OpenAI's new AI model looks like a giant leap in text and video-to-video generation. But the model's potential is much greater, OpenAI says. It could become a world simulator.
Yesterday, OpenAI unveiled Sora, a large AI model for video and image generation. With Sora, OpenAI can generate videos up to a minute long, in different aspect ratios and resolutions, and with unprecedented quality.
Sora is based on a transformer architecture similar to that used in language models, and combines it with diffusion techniques from image generators. The model ingests videos and images during training and breaks them down into simpler forms and smaller pieces. Sora can then generate new visual content from these pieces.
Unlike many previous works that focus on specific categories of visual data, shorter videos, or videos of a fixed size, Sora is a visual data generalist. It can generate videos and images of different lengths, aspect ratios, and resolutions. But that's not all.
Sora can generate interactive 3D worlds
OpenAI does not comment on the training data it uses. However, the scenes shown by OpenAI so far contain visual clues that OpenAI uses very high quality synthetic training data, photorealistic scenes generated by a game engine, instead of or in addition to real footage.
This would also allow the company to avoid or mitigate potential copyright issues known from text and image generators. Nvidia's Jim Fan and others speculate that the AI was trained with synthetic data generated by Unreal Engine 5.
For example, in the video below, the dust behind the car looks like it is in a video game, especially since it only appears behind the car and not around it as it would in reality.
In this short sequence, the animations of the two main protagonists are deceptive: although they look realistic, their uniformity is reminiscent of a video game. Human movements are more varied.
Another indication of synthetic data training is that Sora can generate videos with dynamic camera movements and three-dimensional coherence. As the camera moves and rotates, people and scene elements move together in three-dimensional space.
Sora can also simulate actions that affect the state of the generated scene. For example, a painter can leave new lines on a canvas that change over time, or a man can eat a burger and leave bite marks. Elements in videos, such as waves and ships, can interact with each other in a physically correct way.
The model is not only capable of generating frames, but also interactions within a world, similar to a video game. OpenAI demonstrates this using Minecraft as an example: Sora can generate a Minecraft world and interact with it, much like the original game. All you need is the word "Minecraft" in your prompt.
This goes far beyond video generation and indicates a fundamental change in the way game graphics are created. If you need even more detailed proof of this, you can watch a scene in a demo that looks like it's from a racing game. It shows how Sora can display the same sequence in different variations, from a jungle to an underwater world to cyberpunk to retro pixel graphics, using only text commands.
Image: OpenAIOf course, there are still many unanswered questions, such as computing effort and depth of interaction.
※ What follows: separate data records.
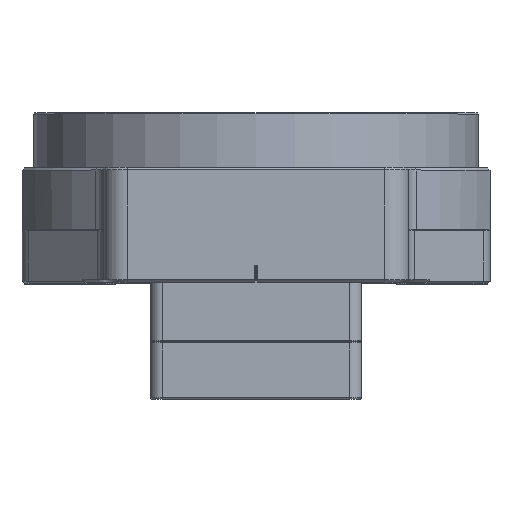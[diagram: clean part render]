
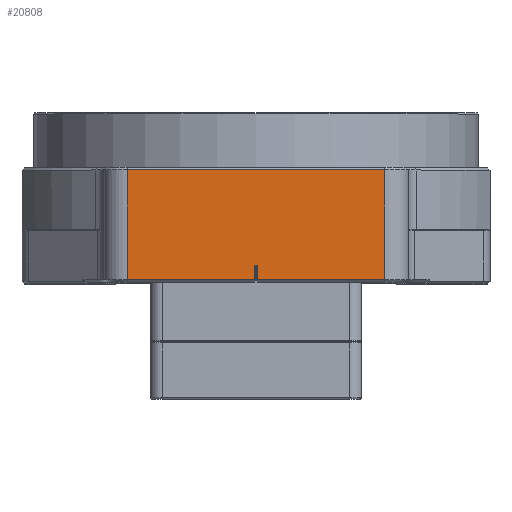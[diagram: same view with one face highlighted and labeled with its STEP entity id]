
A CAD part, top view. The second image highlights one B-rep face of the part: STEP entity #20808.
In plain terms, the highlighted planar face has unit normal (0, 0, 1).
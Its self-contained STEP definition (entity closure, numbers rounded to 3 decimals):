
#147 = DIRECTION ( 'NONE',  ( 0., -1., 0. ) ) ;
#161 = CARTESIAN_POINT ( 'NONE',  ( -55., 49.5, 155. ) ) ;
#189 = VERTEX_POINT ( 'NONE', #9949 ) ;
#198 = LINE ( 'NONE', #161, #15182 ) ;
#203 = CARTESIAN_POINT ( 'NONE',  ( 55., 1.5, 155. ) ) ;
#1814 = CARTESIAN_POINT ( 'NONE',  ( -0.6, 1.5, 155. ) ) ;
#2005 = EDGE_CURVE ( 'NONE', #5875, #36392, #29715, .T. ) ;
#2440 = CARTESIAN_POINT ( 'NONE',  ( 0.6, 7.7, 155. ) ) ;
#3426 = EDGE_LOOP ( 'NONE', ( #25160, #25262, #25219, #26022, #25725, #25793, #26069, #26251 ) ) ;
#4280 = VECTOR ( 'NONE', #29672, 1000. ) ;
#4296 = CARTESIAN_POINT ( 'NONE',  ( 0.6, 1.5, 155. ) ) ;
#4680 = EDGE_CURVE ( 'NONE', #10399, #34167, #33350, .T. ) ;
#4886 = DIRECTION ( 'NONE',  ( 1., 0., 0. ) ) ;
#4917 = CARTESIAN_POINT ( 'NONE',  ( 55., 7.7, 155. ) ) ;
#4927 = LINE ( 'NONE', #4917, #6112 ) ;
#5875 = VERTEX_POINT ( 'NONE', #20125 ) ;
#6112 = VECTOR ( 'NONE', #4886, 1000. ) ;
#7167 = DIRECTION ( 'NONE',  ( 0., -1., 0. ) ) ;
#7174 = CARTESIAN_POINT ( 'NONE',  ( 0.6, 49.5, 155. ) ) ;
#7179 = LINE ( 'NONE', #7174, #10671 ) ;
#7209 = EDGE_CURVE ( 'NONE', #22661, #33930, #4927, .T. ) ;
#9052 = EDGE_CURVE ( 'NONE', #20354, #22661, #22219, .T. ) ;
#9949 = CARTESIAN_POINT ( 'NONE',  ( -55., 1.5, 155. ) ) ;
#10399 = VERTEX_POINT ( 'NONE', #4296 ) ;
#10671 = VECTOR ( 'NONE', #7167, 1000. ) ;
#11437 = AXIS2_PLACEMENT_3D ( 'NONE', #34521, #34506, #34469 ) ;
#14169 = CARTESIAN_POINT ( 'NONE',  ( -0.6, 7.7, 155. ) ) ;
#14782 = CARTESIAN_POINT ( 'NONE',  ( -55., 48.5, 155. ) ) ;
#15182 = VECTOR ( 'NONE', #147, 1000. ) ;
#15253 = EDGE_CURVE ( 'NONE', #5875, #34167, #27112, .T. ) ;
#18244 = EDGE_CURVE ( 'NONE', #189, #20354, #25008, .T. ) ;
#20125 = CARTESIAN_POINT ( 'NONE',  ( 55., 48.5, 155. ) ) ;
#20354 = VERTEX_POINT ( 'NONE', #1814 ) ;
#20808 = ADVANCED_FACE ( 'NONE', ( #34571 ), #34566, .F. ) ;
#22174 = DIRECTION ( 'NONE',  ( 0., 1., 0. ) ) ;
#22210 = CARTESIAN_POINT ( 'NONE',  ( -0.6, 49.5, 155. ) ) ;
#22219 = LINE ( 'NONE', #22210, #24469 ) ;
#22661 = VERTEX_POINT ( 'NONE', #14169 ) ;
#23142 = DIRECTION ( 'NONE',  ( 0., -1., 0. ) ) ;
#23148 = CARTESIAN_POINT ( 'NONE',  ( 55., 49.5, 155. ) ) ;
#24469 = VECTOR ( 'NONE', #22174, 1000. ) ;
#24968 = DIRECTION ( 'NONE',  ( 1., 0., 0. ) ) ;
#24972 = CARTESIAN_POINT ( 'NONE',  ( -0.1, 1.5, 155. ) ) ;
#25008 = LINE ( 'NONE', #24972, #25885 ) ;
#25160 = ORIENTED_EDGE ( 'NONE', *, *, #7209, .T. ) ;
#25219 = ORIENTED_EDGE ( 'NONE', *, *, #4680, .T. ) ;
#25262 = ORIENTED_EDGE ( 'NONE', *, *, #30244, .T. ) ;
#25725 = ORIENTED_EDGE ( 'NONE', *, *, #2005, .T. ) ;
#25793 = ORIENTED_EDGE ( 'NONE', *, *, #34179, .T. ) ;
#25885 = VECTOR ( 'NONE', #24968, 1000. ) ;
#26022 = ORIENTED_EDGE ( 'NONE', *, *, #15253, .F. ) ;
#26069 = ORIENTED_EDGE ( 'NONE', *, *, #18244, .T. ) ;
#26251 = ORIENTED_EDGE ( 'NONE', *, *, #9052, .T. ) ;
#27112 = LINE ( 'NONE', #23148, #30977 ) ;
#29672 = DIRECTION ( 'NONE',  ( -1., 0., 0. ) ) ;
#29680 = CARTESIAN_POINT ( 'NONE',  ( -55., 48.5, 155. ) ) ;
#29715 = LINE ( 'NONE', #29680, #4280 ) ;
#30244 = EDGE_CURVE ( 'NONE', #33930, #10399, #7179, .T. ) ;
#30977 = VECTOR ( 'NONE', #23142, 1000. ) ;
#33339 = DIRECTION ( 'NONE',  ( 1., 0., 0. ) ) ;
#33346 = CARTESIAN_POINT ( 'NONE',  ( 55., 1.5, 155. ) ) ;
#33350 = LINE ( 'NONE', #33346, #37819 ) ;
#33930 = VERTEX_POINT ( 'NONE', #2440 ) ;
#34167 = VERTEX_POINT ( 'NONE', #203 ) ;
#34179 = EDGE_CURVE ( 'NONE', #36392, #189, #198, .T. ) ;
#34469 = DIRECTION ( 'NONE',  ( -1., 0., 0. ) ) ;
#34506 = DIRECTION ( 'NONE',  ( 0., 0., -1. ) ) ;
#34521 = CARTESIAN_POINT ( 'NONE',  ( 55., 49.5, 155. ) ) ;
#34566 = PLANE ( 'NONE',  #11437 ) ;
#34571 = FACE_OUTER_BOUND ( 'NONE', #3426, .T. ) ;
#36392 = VERTEX_POINT ( 'NONE', #14782 ) ;
#37819 = VECTOR ( 'NONE', #33339, 1000. ) ;

But after Nvidia's DLSS, the next, even more far-reaching upheaval in computer graphics is on the horizon.
And despite its impressive capabilities, Sora currently has some limitations as a simulator, according to OpenAI. For example, Sora does not correctly model the physics of many basic interactions, such as breaking glass.
Other interactions, such as eating food, do not always result in correct state changes of objects, and a common error is inconsistencies that develop over time or the spontaneous appearance of objects.
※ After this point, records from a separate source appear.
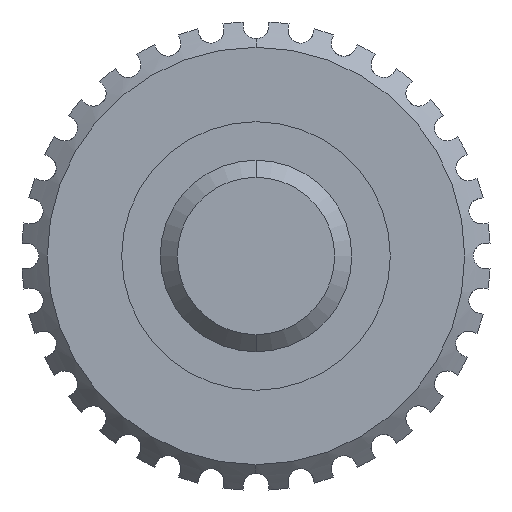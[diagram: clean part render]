
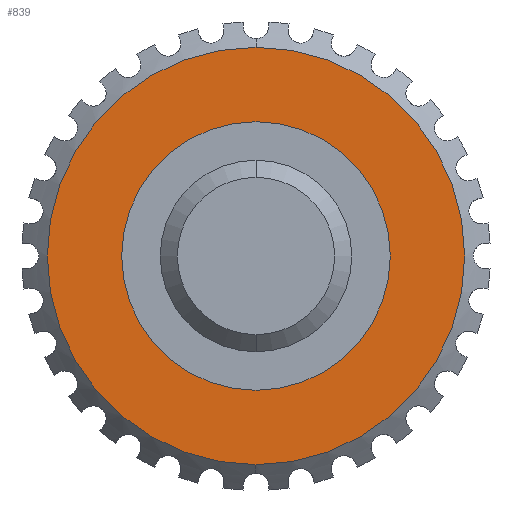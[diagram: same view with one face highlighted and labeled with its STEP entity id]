
A CAD part, front view. The second image highlights one B-rep face of the part: STEP entity #839.
In plain terms, the highlighted planar face has unit normal (0, -1, 0).
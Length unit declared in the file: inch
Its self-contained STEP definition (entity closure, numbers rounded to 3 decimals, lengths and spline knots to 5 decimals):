
#108 = VERTEX_POINT ( 'NONE', #2294 ) ;
#111 = EDGE_CURVE ( 'NONE', #117, #108, #2320, .T. ) ;
#117 = VERTEX_POINT ( 'NONE', #2368 ) ;
#316 = VERTEX_POINT ( 'NONE', #2791 ) ;
#317 = VERTEX_POINT ( 'NONE', #2859 ) ;
#496 = EDGE_CURVE ( 'NONE', #316, #317, #3114, .T. ) ;
#605 = EDGE_LOOP ( 'NONE', ( #803, #612 ) ) ;
#607 = EDGE_CURVE ( 'NONE', #317, #316, #3225, .T. ) ;
#611 = ORIENTED_EDGE ( 'NONE', *, *, #111, .F. ) ;
#612 = ORIENTED_EDGE ( 'NONE', *, *, #496, .T. ) ;
#678 = EDGE_CURVE ( 'NONE', #108, #117, #3528, .T. ) ;
#803 = ORIENTED_EDGE ( 'NONE', *, *, #607, .T. ) ;
#835 = ORIENTED_EDGE ( 'NONE', *, *, #678, .F. ) ;
#837 = EDGE_LOOP ( 'NONE', ( #835, #611 ) ) ;
#839 = ADVANCED_FACE ( 'NONE', ( #3747, #3782 ), #3781, .F. ) ;
#2294 = CARTESIAN_POINT ( 'NONE',  ( 0., 0., 0.0785 ) ) ;
#2319 = DIRECTION ( 'NONE',  ( 0., -1., 0. ) ) ;
#2320 = CIRCLE ( 'NONE', #2350, 0.0785 ) ;
#2331 = CARTESIAN_POINT ( 'NONE',  ( 0., 0., 0. ) ) ;
#2349 = DIRECTION ( 'NONE',  ( 0., 0., 1. ) ) ;
#2350 = AXIS2_PLACEMENT_3D ( 'NONE', #2331, #2319, #2349 ) ;
#2368 = CARTESIAN_POINT ( 'NONE',  ( 0., 0., -0.0785 ) ) ;
#2791 = CARTESIAN_POINT ( 'NONE',  ( 0., 0., -0.122 ) ) ;
#2859 = CARTESIAN_POINT ( 'NONE',  ( 0., 0., 0.122 ) ) ;
#3085 = CARTESIAN_POINT ( 'NONE',  ( 0., 0., 0. ) ) ;
#3096 = DIRECTION ( 'NONE',  ( 0., 0., 1. ) ) ;
#3114 = CIRCLE ( 'NONE', #3216, 0.122 ) ;
#3191 = DIRECTION ( 'NONE',  ( 0., -1., 0. ) ) ;
#3216 = AXIS2_PLACEMENT_3D ( 'NONE', #3085, #3191, #3096 ) ;
#3221 = DIRECTION ( 'NONE',  ( 0., 0., 1. ) ) ;
#3222 = DIRECTION ( 'NONE',  ( 0., -1., 0. ) ) ;
#3225 = CIRCLE ( 'NONE', #3227, 0.122 ) ;
#3227 = AXIS2_PLACEMENT_3D ( 'NONE', #3242, #3222, #3221 ) ;
#3242 = CARTESIAN_POINT ( 'NONE',  ( 0., 0., 0. ) ) ;
#3469 = CARTESIAN_POINT ( 'NONE',  ( 0., 0., 0. ) ) ;
#3528 = CIRCLE ( 'NONE', #3548, 0.0785 ) ;
#3546 = DIRECTION ( 'NONE',  ( 0., 0., 1. ) ) ;
#3547 = DIRECTION ( 'NONE',  ( 0., -1., 0. ) ) ;
#3548 = AXIS2_PLACEMENT_3D ( 'NONE', #3469, #3547, #3546 ) ;
#3747 = FACE_OUTER_BOUND ( 'NONE', #605, .T. ) ;
#3776 = DIRECTION ( 'NONE',  ( 0., 0., 1. ) ) ;
#3777 = DIRECTION ( 'NONE',  ( 0., 1., 0. ) ) ;
#3778 = AXIS2_PLACEMENT_3D ( 'NONE', #3789, #3777, #3776 ) ;
#3781 = PLANE ( 'NONE',  #3778 ) ;
#3782 = FACE_BOUND ( 'NONE', #837, .T. ) ;
#3789 = CARTESIAN_POINT ( 'NONE',  ( 0., 0., 0. ) ) ;

However, these problems could be solved by further scaling the models, according to OpenAI: "Our results suggest that scaling video generation models is a promising path towards building general purpose simulators of the physical world."
The idea that video models can serve as world models because they can represent the complex variety of everyday life better than, say, pure text and image models is not fundamentally new.
Video AI startup RunwayML recently unveiled its world model research, and startup Wayve is using video models to simulate traffic for self-driving cars.
Meta has been collecting thousands of hours of first-person video for years to train AI assistance systems for everyday situations, and on the day of Sora's unveiling, it showed V-JEPA, a new architecture for predicting and understanding complex interactions in video.
However, OpenAI's Sora eclipses all previous approaches and models that we know of.